There are two southern stairways. The most obvious starts between two giant chinthe (half-lion, half-dragon guardian deities), with 1729 steps. There's an alternative southeastern stairway that's more interesting for glimpsed views, but harder on the feet. The two routes converge, then climb to a shrine building containing a large standing buddha, whose outstretched arm points towards the royal palace. This evokes the legend in which the historical Buddha supposedly visited Burma, accompanied by his disciple Ananda, and on climbing Mandalay Hill prophesied that a great city would be founded below after 2400 years. Scholars calculated that to mean 1857, the year that King Mindon did indeed decree the capital’s move from Amarapura to Mandalay.
Further up, behind the forgettable Myatsawnyinaung Ordination Hall, are the windowless ruins of a three-storey stone fortress retaken from the Japanese by Britain’s Royal Berkshire Regiment in a battle in 1945.
Near the summit, on the eastern side, facing the penultimate stupa, a contemporary statue depicts ogress San Dha Mukhi offering forth her severed breasts. That’s the sort of display that might have alarmed the more squeamish, but according to legend her feat of self-mutilation impressed the Buddha so much that he ensured her reincarnation 2400 years later as King Mindon.
Mandalay Hill St, the winding one-way road for vehicles that begins at the corner of 10th and 68th Sts, is busy with locals jogging, walking and riding bikes up the steep switchbacks in the late afternoon.
Steeper stairways lead up from the north (in 25 minutes) or west (15 minutes), but there's little to see en route apart from canoodling couples (north) or lounging monks (west). Wear shoes for these stairways and, near the top of the northern route, be prepared to clamber across and between a trio of pipes.

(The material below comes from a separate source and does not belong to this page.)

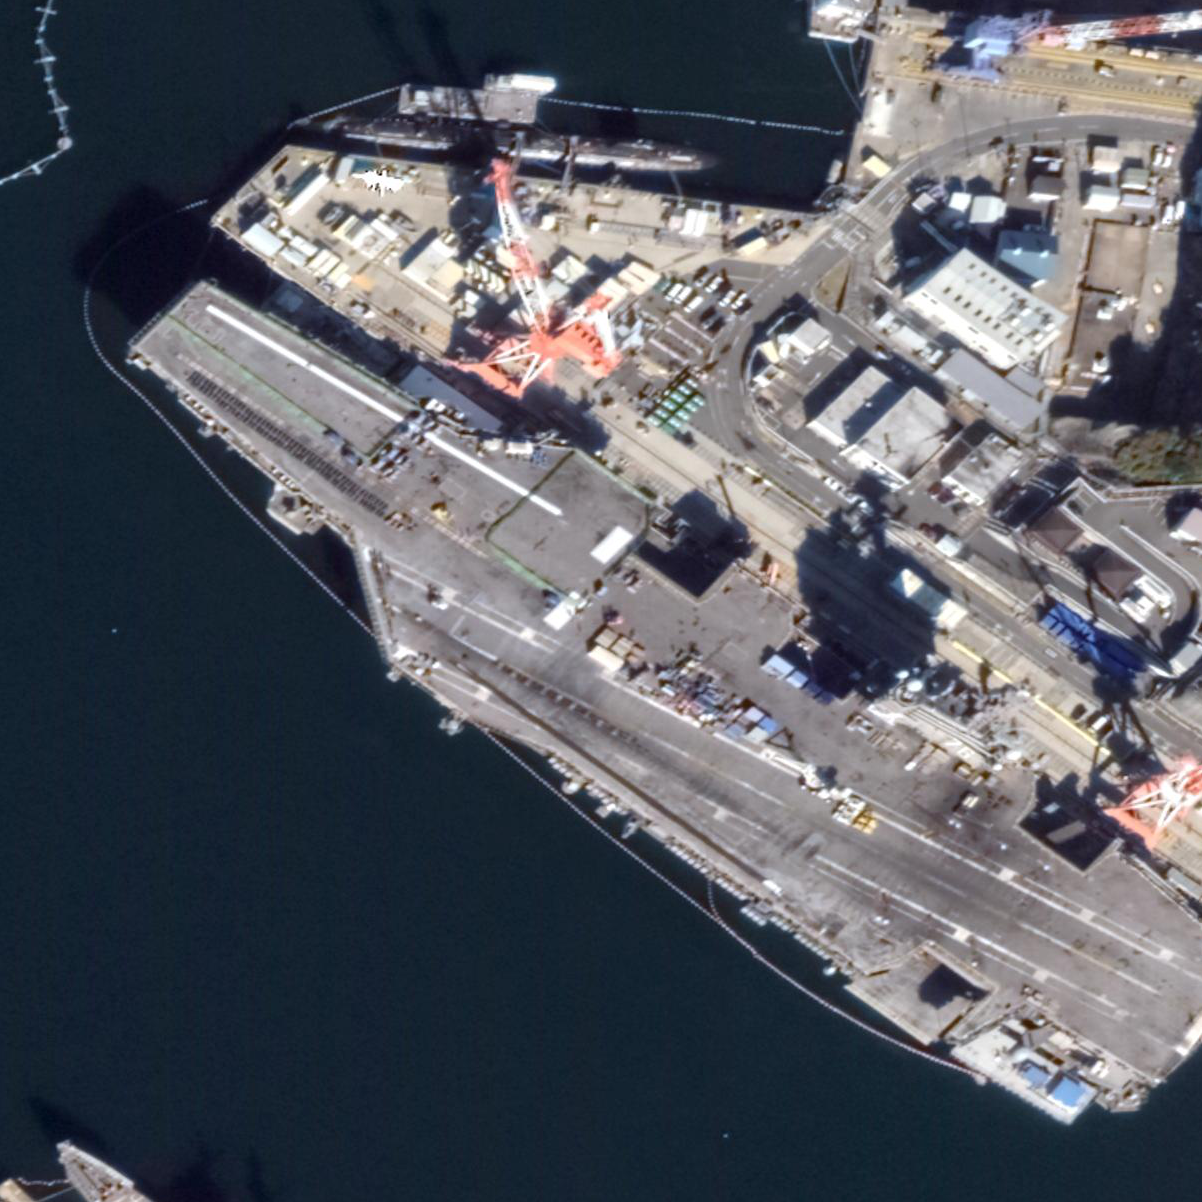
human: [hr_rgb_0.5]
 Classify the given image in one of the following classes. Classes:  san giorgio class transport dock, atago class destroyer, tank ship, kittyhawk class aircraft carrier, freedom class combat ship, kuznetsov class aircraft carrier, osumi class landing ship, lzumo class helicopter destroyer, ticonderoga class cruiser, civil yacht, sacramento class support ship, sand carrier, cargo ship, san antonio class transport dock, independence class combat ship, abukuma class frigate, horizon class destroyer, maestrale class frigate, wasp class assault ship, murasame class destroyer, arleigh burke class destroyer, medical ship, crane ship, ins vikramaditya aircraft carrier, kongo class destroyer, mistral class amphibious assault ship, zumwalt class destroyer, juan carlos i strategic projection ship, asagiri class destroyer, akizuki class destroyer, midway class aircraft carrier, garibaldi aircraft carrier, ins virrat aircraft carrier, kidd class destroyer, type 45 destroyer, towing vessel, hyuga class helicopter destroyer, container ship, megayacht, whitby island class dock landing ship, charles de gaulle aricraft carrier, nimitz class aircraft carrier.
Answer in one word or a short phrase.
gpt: Nimitz class aircraft carrier

It's possible to drive most of the way up Mandalay Hill. From the upper car park, both a lift and an escalator tower should be able to whisk you up to the hilltop. However, as both are often broken you'll probably need to walk the last five minutes on stairways. From 10th St at 68th St, shared pick-up route 16 (per person K1000) shuttles to the car park. Motorcycle taxis typically charge K3000 up and K2000 down (even though the down route is much further due to a long one-way loop).